[U-Boot-Users] WARNING: in 440gx_enet.c

[U-Boot-Users] WARNING: in 440gx_enet.c

[Roberts, John]

U-Boot 1.1.2
In function: int ppc_440x_eth_initialize (bd_t * bis)

This function malloc's a data structures

		/* Allocate our private use data */
		hw = (EMAC_440GX_HW_PST) malloc (sizeof (EMAC_440GX_HW_ST));

Later in function: static int ppc_440x_eth_init (struct eth_device *dev,
bd_t * bis)

	/* Free "old" buffers */
	if (hw_p->alloc_tx_buf)
		free (hw_p->alloc_tx_buf);
	if (hw_p->alloc_rx_buf)
		free (hw_p->alloc_rx_buf);


The first time through, the code assumes hw_p->alloc_tx_buf and
hw_p->alloc_rx_buf will be zero. A malloc doesn't guarantee that and the
variables are never initialized to zero. If the malloc'd memory is all "F"s
you end up with : free(0xFFFFFFFF); Or it may be any random non-zero value
you try to free.

I added a memset after the malloc to init the struct to zero. I suppose
replacing the malloc with calloc will do the trick as well.

-John Roberts

[U-Boot-Users] PATCH fix 440gx_enet.c driver was: WARNING: in 440gx_enet.c

[Travis B. Sawyer]

Roberts, John wrote:
> U-Boot 1.1.2
> In function: int ppc_440x_eth_initialize (bd_t * bis)
> 
> This function malloc's a data structures
> 
> 		/* Allocate our private use data */
> 		hw = (EMAC_440GX_HW_PST) malloc (sizeof (EMAC_440GX_HW_ST));
> 
> Later in function: static int ppc_440x_eth_init (struct eth_device *dev,
> bd_t * bis)
> 
> 	/* Free "old" buffers */
> 	if (hw_p->alloc_tx_buf)
> 		free (hw_p->alloc_tx_buf);
> 	if (hw_p->alloc_rx_buf)
> 		free (hw_p->alloc_rx_buf);
> 
> 
> The first time through, the code assumes hw_p->alloc_tx_buf and
> hw_p->alloc_rx_buf will be zero. A malloc doesn't guarantee that and the
> variables are never initialized to zero. If the malloc'd memory is all "F"s
> you end up with : free(0xFFFFFFFF); Or it may be any random non-zero value
> you try to free.
> 
> I added a memset after the malloc to init the struct to zero. I suppose
> replacing the malloc with calloc will do the trick as well.

(file) 405gp_enet.c 	 1.11 	 11 months 	 stroese 	 Fix bug in 405 
ethernet driver; allocated data not cleared!

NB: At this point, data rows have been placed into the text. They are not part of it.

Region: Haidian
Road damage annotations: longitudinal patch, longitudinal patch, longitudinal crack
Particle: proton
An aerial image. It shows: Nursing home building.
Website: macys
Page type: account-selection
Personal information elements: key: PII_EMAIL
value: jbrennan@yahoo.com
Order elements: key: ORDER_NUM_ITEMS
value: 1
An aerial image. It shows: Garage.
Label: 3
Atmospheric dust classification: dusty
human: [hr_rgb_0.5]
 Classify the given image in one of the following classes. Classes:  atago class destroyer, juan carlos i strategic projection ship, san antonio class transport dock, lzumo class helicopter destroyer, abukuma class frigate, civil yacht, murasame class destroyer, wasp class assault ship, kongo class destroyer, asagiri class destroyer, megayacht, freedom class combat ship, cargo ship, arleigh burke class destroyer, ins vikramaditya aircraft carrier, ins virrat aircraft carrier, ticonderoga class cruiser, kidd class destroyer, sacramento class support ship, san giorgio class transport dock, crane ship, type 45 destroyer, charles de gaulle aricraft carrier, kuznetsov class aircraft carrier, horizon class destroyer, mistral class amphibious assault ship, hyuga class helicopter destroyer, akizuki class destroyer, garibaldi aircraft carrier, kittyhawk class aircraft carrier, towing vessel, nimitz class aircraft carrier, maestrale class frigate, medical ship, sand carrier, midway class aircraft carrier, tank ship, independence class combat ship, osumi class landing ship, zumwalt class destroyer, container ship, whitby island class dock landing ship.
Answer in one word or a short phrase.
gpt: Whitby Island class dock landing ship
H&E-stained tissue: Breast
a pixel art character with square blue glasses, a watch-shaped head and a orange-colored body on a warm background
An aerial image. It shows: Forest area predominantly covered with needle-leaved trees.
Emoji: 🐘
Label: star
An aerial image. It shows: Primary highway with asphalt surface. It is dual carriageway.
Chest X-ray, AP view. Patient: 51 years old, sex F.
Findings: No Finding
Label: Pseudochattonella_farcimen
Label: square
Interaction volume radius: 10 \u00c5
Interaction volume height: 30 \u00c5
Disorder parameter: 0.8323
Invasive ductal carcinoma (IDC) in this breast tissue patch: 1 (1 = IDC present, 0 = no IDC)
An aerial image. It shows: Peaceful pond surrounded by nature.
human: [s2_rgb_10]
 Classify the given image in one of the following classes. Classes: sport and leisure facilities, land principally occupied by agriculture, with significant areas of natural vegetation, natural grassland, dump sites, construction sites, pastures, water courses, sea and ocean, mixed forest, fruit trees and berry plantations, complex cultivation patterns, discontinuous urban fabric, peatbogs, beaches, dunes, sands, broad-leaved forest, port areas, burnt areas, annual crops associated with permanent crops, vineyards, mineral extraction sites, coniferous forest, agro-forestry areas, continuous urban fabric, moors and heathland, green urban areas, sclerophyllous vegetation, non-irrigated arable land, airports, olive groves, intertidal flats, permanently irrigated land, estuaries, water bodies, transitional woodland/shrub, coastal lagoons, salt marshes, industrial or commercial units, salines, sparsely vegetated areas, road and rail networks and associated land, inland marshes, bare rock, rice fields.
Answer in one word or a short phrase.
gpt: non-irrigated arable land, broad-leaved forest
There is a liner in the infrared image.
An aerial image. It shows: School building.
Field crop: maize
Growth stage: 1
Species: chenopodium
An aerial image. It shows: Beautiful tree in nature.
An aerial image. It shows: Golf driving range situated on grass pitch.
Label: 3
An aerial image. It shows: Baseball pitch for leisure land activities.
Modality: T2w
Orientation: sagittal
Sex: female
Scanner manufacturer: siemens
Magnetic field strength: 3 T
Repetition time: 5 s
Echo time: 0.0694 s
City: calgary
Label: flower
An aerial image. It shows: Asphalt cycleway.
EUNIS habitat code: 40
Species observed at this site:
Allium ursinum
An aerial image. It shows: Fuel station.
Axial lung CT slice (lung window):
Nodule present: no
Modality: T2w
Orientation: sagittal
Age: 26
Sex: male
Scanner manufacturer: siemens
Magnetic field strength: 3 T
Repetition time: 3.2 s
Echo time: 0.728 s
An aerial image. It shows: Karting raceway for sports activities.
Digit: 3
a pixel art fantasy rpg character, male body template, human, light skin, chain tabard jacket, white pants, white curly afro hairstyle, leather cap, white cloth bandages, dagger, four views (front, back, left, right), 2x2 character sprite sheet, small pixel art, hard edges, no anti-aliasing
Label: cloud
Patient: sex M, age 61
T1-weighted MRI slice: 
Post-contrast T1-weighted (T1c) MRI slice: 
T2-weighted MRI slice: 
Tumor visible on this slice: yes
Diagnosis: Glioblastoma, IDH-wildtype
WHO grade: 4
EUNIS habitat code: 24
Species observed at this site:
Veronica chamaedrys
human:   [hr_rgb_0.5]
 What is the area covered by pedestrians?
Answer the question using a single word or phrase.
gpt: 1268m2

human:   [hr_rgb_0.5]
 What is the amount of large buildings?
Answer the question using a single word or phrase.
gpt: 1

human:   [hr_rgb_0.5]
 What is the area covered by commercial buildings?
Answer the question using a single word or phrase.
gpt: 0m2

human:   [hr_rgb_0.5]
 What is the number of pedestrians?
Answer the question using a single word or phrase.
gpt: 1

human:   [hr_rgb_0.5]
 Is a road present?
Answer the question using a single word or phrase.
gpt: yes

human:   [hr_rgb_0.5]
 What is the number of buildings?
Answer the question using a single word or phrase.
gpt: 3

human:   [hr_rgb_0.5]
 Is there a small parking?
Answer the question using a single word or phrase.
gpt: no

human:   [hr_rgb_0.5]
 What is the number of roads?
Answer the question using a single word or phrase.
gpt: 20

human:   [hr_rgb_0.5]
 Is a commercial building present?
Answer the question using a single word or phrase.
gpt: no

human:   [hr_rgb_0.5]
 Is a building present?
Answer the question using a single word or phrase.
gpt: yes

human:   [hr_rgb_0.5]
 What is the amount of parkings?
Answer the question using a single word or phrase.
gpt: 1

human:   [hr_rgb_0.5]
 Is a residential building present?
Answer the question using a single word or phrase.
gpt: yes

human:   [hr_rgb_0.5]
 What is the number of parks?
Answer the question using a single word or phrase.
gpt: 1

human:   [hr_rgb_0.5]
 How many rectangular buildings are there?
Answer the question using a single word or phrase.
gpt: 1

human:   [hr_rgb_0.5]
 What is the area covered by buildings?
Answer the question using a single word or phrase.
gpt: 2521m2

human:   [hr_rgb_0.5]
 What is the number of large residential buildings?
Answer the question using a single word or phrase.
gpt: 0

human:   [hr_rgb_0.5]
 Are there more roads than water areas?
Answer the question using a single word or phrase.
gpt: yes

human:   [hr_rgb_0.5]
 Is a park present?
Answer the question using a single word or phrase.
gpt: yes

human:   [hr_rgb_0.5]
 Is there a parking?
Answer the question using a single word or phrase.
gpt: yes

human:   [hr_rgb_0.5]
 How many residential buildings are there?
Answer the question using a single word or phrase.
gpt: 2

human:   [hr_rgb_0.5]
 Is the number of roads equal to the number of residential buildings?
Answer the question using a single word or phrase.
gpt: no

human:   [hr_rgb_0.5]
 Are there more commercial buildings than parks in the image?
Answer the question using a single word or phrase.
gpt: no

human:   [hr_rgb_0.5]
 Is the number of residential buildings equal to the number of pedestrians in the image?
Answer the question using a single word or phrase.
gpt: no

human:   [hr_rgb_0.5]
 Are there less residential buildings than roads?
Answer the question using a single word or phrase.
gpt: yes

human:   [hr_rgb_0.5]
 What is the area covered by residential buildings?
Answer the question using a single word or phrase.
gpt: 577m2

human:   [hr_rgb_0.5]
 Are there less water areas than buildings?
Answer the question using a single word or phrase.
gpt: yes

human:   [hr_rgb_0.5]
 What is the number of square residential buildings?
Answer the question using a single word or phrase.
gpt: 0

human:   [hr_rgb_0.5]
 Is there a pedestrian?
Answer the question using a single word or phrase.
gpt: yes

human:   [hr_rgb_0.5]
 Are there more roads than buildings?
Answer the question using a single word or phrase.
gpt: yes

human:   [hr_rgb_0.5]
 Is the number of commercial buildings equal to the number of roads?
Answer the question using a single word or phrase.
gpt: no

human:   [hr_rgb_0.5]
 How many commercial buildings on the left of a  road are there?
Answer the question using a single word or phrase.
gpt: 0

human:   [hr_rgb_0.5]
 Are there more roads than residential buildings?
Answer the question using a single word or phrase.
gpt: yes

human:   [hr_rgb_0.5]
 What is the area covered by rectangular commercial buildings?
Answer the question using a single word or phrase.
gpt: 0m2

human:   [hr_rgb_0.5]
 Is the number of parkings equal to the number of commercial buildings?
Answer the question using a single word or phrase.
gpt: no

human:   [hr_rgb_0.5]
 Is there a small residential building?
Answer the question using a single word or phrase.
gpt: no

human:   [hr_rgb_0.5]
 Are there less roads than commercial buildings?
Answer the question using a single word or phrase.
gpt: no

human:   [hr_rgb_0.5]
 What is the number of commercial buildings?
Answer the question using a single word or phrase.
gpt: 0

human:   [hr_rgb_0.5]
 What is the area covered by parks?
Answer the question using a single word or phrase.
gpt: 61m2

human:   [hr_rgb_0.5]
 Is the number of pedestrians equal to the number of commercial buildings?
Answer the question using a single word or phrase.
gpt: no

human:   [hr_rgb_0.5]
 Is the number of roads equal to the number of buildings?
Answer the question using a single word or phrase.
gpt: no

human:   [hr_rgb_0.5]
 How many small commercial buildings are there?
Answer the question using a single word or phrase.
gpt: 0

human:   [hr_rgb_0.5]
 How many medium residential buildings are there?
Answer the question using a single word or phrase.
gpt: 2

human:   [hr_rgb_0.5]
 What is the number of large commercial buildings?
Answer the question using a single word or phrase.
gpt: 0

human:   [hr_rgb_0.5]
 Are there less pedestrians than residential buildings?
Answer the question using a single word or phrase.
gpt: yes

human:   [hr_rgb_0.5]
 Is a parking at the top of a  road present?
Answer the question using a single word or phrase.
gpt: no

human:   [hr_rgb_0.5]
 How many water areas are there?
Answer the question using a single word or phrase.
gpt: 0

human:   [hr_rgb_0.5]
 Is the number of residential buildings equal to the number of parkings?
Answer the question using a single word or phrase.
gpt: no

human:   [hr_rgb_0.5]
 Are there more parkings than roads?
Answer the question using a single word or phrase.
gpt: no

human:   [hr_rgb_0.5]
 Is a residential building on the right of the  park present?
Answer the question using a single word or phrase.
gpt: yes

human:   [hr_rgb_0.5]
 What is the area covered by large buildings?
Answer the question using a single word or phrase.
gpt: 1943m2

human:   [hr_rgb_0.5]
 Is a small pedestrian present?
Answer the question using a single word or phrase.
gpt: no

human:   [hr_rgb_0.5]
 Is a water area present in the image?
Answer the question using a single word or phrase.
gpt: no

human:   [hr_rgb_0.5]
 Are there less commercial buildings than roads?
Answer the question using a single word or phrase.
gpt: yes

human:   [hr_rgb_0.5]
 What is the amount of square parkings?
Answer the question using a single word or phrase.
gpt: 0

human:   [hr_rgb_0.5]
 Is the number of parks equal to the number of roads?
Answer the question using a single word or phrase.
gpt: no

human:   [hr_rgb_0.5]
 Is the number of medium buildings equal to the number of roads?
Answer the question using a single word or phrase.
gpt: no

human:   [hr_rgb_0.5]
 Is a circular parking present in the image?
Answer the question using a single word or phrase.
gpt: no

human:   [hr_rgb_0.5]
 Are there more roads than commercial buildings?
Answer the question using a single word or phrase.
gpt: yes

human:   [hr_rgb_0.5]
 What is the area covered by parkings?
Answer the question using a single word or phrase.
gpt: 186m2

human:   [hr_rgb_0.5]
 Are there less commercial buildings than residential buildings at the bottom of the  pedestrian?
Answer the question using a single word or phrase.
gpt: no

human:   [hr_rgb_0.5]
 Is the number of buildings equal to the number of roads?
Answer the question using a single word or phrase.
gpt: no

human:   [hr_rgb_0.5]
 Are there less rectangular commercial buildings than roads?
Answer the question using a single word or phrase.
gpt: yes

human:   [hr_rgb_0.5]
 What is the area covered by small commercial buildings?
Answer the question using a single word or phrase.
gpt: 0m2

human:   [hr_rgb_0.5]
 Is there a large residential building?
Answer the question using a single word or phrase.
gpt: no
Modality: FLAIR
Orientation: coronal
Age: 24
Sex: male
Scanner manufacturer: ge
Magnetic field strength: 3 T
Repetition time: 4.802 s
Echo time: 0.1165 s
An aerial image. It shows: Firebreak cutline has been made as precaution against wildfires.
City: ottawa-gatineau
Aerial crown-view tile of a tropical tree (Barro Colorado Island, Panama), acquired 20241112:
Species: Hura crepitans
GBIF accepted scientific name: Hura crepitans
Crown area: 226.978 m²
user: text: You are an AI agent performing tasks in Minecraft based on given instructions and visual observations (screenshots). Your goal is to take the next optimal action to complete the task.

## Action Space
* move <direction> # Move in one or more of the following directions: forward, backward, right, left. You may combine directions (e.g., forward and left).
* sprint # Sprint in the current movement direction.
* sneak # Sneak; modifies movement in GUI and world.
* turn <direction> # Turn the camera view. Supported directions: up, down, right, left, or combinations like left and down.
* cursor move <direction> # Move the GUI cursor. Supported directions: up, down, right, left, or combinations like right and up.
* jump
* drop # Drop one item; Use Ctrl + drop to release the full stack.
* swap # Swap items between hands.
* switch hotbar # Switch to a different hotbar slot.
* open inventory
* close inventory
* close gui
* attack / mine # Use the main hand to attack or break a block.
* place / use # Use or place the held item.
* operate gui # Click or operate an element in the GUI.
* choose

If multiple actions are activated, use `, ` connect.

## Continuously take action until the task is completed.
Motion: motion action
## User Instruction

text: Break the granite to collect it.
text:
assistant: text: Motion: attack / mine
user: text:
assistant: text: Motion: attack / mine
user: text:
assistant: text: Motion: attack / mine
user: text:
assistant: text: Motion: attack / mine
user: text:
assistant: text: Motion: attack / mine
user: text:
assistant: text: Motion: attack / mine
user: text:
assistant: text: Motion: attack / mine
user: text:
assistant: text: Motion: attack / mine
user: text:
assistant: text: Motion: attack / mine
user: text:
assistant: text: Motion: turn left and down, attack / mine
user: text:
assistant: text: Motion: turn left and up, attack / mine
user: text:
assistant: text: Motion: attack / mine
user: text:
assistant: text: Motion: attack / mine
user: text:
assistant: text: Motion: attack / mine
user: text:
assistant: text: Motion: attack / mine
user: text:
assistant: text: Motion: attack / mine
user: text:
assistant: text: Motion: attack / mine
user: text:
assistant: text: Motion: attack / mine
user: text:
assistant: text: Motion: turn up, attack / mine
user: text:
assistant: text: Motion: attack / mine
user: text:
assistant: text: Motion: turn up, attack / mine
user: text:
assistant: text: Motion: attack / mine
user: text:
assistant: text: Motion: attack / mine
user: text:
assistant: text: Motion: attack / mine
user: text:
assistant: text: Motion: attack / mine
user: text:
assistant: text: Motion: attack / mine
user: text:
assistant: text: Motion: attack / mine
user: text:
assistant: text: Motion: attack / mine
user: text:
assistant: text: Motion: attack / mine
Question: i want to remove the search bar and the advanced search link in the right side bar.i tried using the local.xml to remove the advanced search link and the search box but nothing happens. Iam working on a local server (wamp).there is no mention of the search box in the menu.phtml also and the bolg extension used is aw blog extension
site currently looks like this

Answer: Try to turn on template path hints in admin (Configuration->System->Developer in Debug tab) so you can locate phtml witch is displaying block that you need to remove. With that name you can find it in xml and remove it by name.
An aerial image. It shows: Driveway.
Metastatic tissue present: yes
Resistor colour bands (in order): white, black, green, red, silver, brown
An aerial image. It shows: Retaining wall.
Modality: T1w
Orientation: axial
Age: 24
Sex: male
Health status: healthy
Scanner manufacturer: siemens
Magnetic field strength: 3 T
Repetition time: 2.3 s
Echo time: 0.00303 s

Hmmm... Looks like I let that slip by when Stefan updated the 405
ethernet driver and I didn't update the 440 version.


CHANGELOG:
* Patch by Travis Sawyer, 10 June 2005:
   Initialize allocated dev and private hw structures
   after their respective allocation in 440gx_enet.c

Patch is attached...


Thanx

Travis
-------------- next part --------------
A non-text attachment was scrubbed...
Name: 440gx_enet_malloc.patch
Type: text/x-patch
Size: 685 bytes
Desc: not available
Url : http://lists.denx.de/pipermail/u-boot/attachments/20050610/c6f63e86/attachment.bin 

[U-Boot-Users] PATCH fix 440gx_enet.c driver was: WARNING: in 440gx_enet.c

[Wolfgang Denk]

In message <42A98FAB.7010305@sandburst.com> you wrote:
> 
> CHANGELOG:
> * Patch by Travis Sawyer, 10 June 2005:
>    Initialize allocated dev and private hw structures
>    after their respective allocation in 440gx_enet.c

Thanks. Checked in locally. Will push to publich CVS asap.

Best regards,

Wolfgang Denk

-- 
Software Engineering:  Embedded and Realtime Systems,  Embedded Linux
Phone: (+49)-8142-66989-10 Fax: (+49)-8142-66989-80 Email: wd at denx.de
Hi there! This is just a note from me, to you, to tell you, the  per-
son  reading this note, that I can't think up any more famous quotes,
jokes, nor bizarre stories, so you may as well go home.